Combating Land Degradation in India:
- India is also a signatory to the United Nations Convention on Combating Desertification (UNCCD).
- India is committed to combat desertification and land degradation and intends to achieve land degradation neutral status by 2030.
- Land degradation neutrality’ (LDN) is a state where amount and quality of land resources remains stable or increases within specified temporal and spatial scales and ecosystems.
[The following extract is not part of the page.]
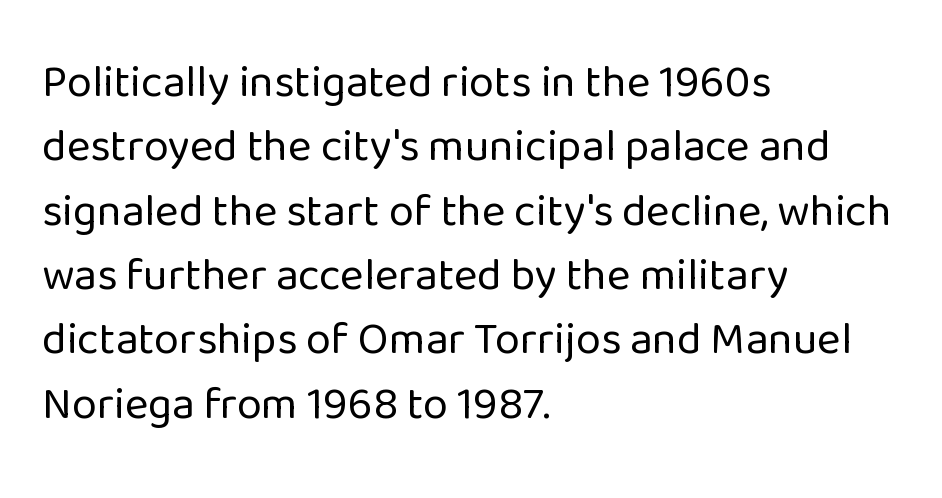
{"serif": "no", "italic": "no", "bold": "no", "weight": "regular", "width": "normal", "stroke_contrast": "low", "x_height": "medium", "monospaced": "no", "underline": "no", "align": "left", "line_spacing": "normal", "line_spacing_ratio": 1.43, "letter_spacing": "normal", "letter_spacing_em": 0.0, "glyph_px": 45}
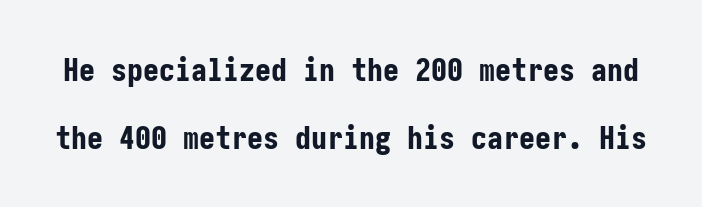
Vertically, the passage feels expansive, rows floating well apart. The face used here is a sans, in the tradition of grotesques and geometrics. Each row of text sits above clean, open space. The typography opts for an upright posture over an oblique one. How are the letters spaced? Ordinarily, with no added tracking. Every letter is thick-stroked: bold, no question.
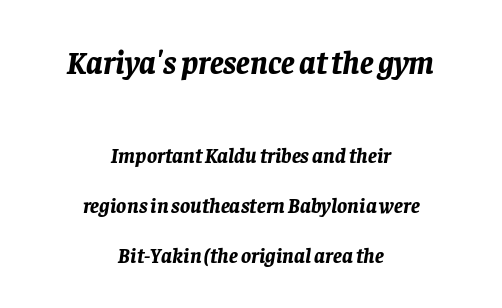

In other words, India will not have net loss in terms of land degradation if it achieves LDN.
Note: The Ministry of Environment, Forest and Climate Change (MoEFCC) is the nodal Ministry to co-ordinate all issues pertaining to the Convention.
Schemes launched for capacity-building of the stakeholders at multiple levels:
- Pradhan Mantri Fasal Bima Yojana (PMFBY)
- National Food Security Mission (NFSM)
- Soil Health Card Scheme
- Pradhan Mantri Krishi Sinchayee Yojana (PKSY)
- Per Drop More Crop,
- Swacch Bharat mission,
- Har Khet Ko Pani (HKKP) and
- National Rural Drinking Water Programme.
Prevention and Control Measures for Land Degradation:
- Strip farming: It is a practice in which cultivated crops are sown in alternative strips to prevent water movement.
- Crop Rotation: It is one of the agricultural practice in which different crops are grown in same area following a rotation system which helps in replenishment of the soil.
- Ridge and Furrow Formation: Soil erosion is one of the factors responsible for land degradation. It can be prevented by formation of ridge and furrow during irrigation which lessens run off.
- Construction of Dams: It checks or reduces the velocity of run off so that soil support vegetation.
- Contour Farming: It is usually practiced across the hill side and is useful in collecting and diverting the run off to avoid erosion.